His fists bunched, elbows drawn back, ready to hit something. But he forced his hands open, making a flinging motion as if he was throwing something away. “He left her half-dead the first time. The other women nursed her back to health. But Kingston wouldn’t leave her alone. He was obsessed with her, I think because she never gave up fighting. Day or night, you never knew, he’d just show up, take her away. And when she came back…”
“Why didn’t she go to the police?” I asked. The Advocacy Center had been created to help victims like Devon’s mother, but it was only seven years old. The abuse he was reporting would have happened over twenty-five years ago. “If she’d spoken up—”
“She would have been branded a snitch and killed,” he said. “Not like anyone would have taken her word over Daniel Kingston’s anyway. He may not have been as rich back then, but the Kingston family name was just as powerful as it is now.”
He paused, drawing in a breath that had more sharp edges than the broken glass lining the gutter beside us. “It went on for years. He’d leave her be for months at a time, but then, he always came back. My earliest memories are her hushing me, putting me in the hall closet with my crayons and books, telling me to stay there until she came to get me. But I could hear. The screaming and hitting. I’d smell the blood. The things he’d do to her, make her do. But she always fought back. She never surrendered to him.
“The other women took care of her, pretty much raised me. Said she was their hero, would tell stories about her standing up to Kingston, but really, they were protecting themselves. As long as Kingston came after her, he was leaving them and theirs in peace. I didn’t figure that out until I was a lot older, and she was already gone.”
The lights of Good Sam were visible. But Devon didn’t seem to notice, lost in his memories. I had the feeling I was the first person he’d told the story to. And that he needed someone to share it with.
“What happened?”
“I wish I had a picture of her to show you. What she was like before he broke her. It was as if she had this glow about her, more than just being pretty or beautiful—”

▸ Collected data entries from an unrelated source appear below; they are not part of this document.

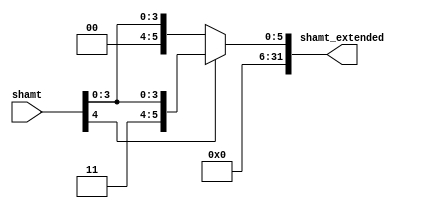
`timescale 1ns / 1ps
//////////////////////////////////////////////////////////////////////////////////
// Company: 
// Engineer: 
// 
// Design Name: 
// Module Name: SignExtension_5
// Project Name: 
// Target Devices: 
// Tool Versions: 
// Description: 
// 
// Dependencies: 
// 
// Revision:
// Revision 0.01 - File Created
// Additional Comments:
// 
//////////////////////////////////////////////////////////////////////////////////


module SignExtension_5(
    input [4:0] shamt,
    output reg [31:0] shamt_extended
    );
always @(shamt)
begin
if(shamt[4] == 0)
    shamt_extended <= {27'b0, shamt};
else
    shamt_extended <= {27'b1, shamt};
end
endmodule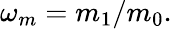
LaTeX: \begin{array}{r}{\omega_{m}=m_{1}/m_{0}.}\end{array}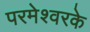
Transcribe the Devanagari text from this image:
परमेश्वरके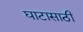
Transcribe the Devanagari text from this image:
घाटासाठी

He kicked a stray rock into the gutter. “By the time I was eight, she was dead inside. Didn’t recognize me anymore. But still w
hen he showed up, the light would come to her eyes—only time she was alive was when she was fighting him. The rest of the time, she was a zombie. Could barely feed herself. And then,” he shrugged, heaving the weight of memory aside, “she was gone. Good as dead—in a coma after a hot shot of heroin. All because of Kingston.”
“You think Patrice and Jess were doing something Kingston didn’t like and he targeted them like he did your mom?” Surely a rich man with connections like Kingston’s could find a more effective way to deal with people who got in his way.

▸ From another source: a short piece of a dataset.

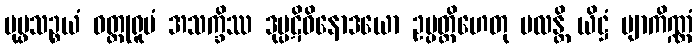
ပုပ္ဖသဉ္စယံ ဝတ္ထုရူပံ အသက္ခိဿ ဒုပ္ပဋိဝိနောဒယော ဥပ္ပတ္တိဟေတု ဗလန္တိ ယိဋ္ဌံ ဗျာကိဏ္ဏံ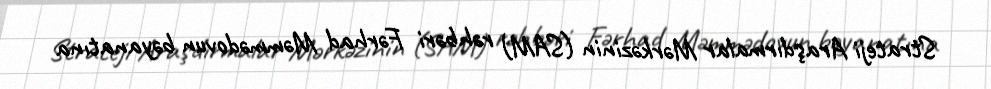
Strateji Araşdırmalar Mərkəzinin (SAM) rəhbəri Fərhad Məmmədovun bəyanatına

“Or he got Tyree to do his dirty work for him. Who knows?” Devon’s tone was bitter, making him sound young. Then he straightened, eyes wide. “Maybe Kingston knew Jess called me. Maybe he knew I was coming back for her and Esme.”

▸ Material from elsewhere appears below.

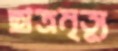
ছাত্রমৃত্যু
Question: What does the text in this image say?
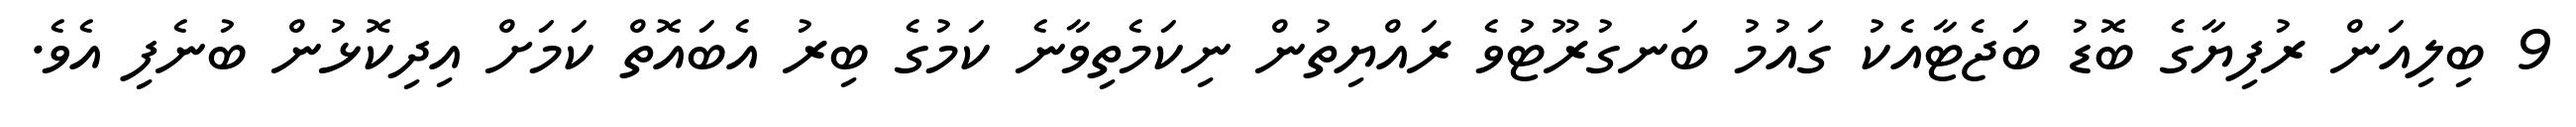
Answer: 9 ބިލިއަން ރުފިޔާގެ ބޮޑު ބަޖެޓާއެކު ގައުމު ބަނގުރޫޓުވެ ރައްޔިތުން ނިކަމެތިވާނެ ކަމުގެ ބިރު އެބައޮތް ކަމަށް އިދިކޮޅުން ބުނެފި އެވެ.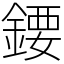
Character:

“Why would that make Kingston want to kill them?”
“Because he hates me. He’d gladly destroy me and everyone I love.”
“Why?”
He shook his head as if remembering the punch line to an old joke. A smile played across his lips, but it wasn’t a happy smile. It was a smile filled with contempt and dark promises. “Kingston hates me because I’m his son.”
CHAPTER TWENTY-FOUR
Devon didn’t wait for Angela’s response. Instead, he forced a laugh. “Yep. Someday, all this,” he swung his hand around to indicate the ravaged blocks between them and the Tower, “could be mine. Well, part mine. Leo was born a few years before me, so he’s entitled to half.”
Despite his joking tone, inside he steeled himself for battle. Retreating behind locked doors, barricading his secrets. He’d told Angela only part of the story, but what if he was right and Jess had died because she’d asked him to come home?
When would he learn? All he brought to anyone he loved was pain. First, his mother, just by his existence, a constant reminder of what Daniel Kingston had taken from her. Then Jess, lovely Jess, her beauty destroyed by Devon’s love. And now Esme at risk.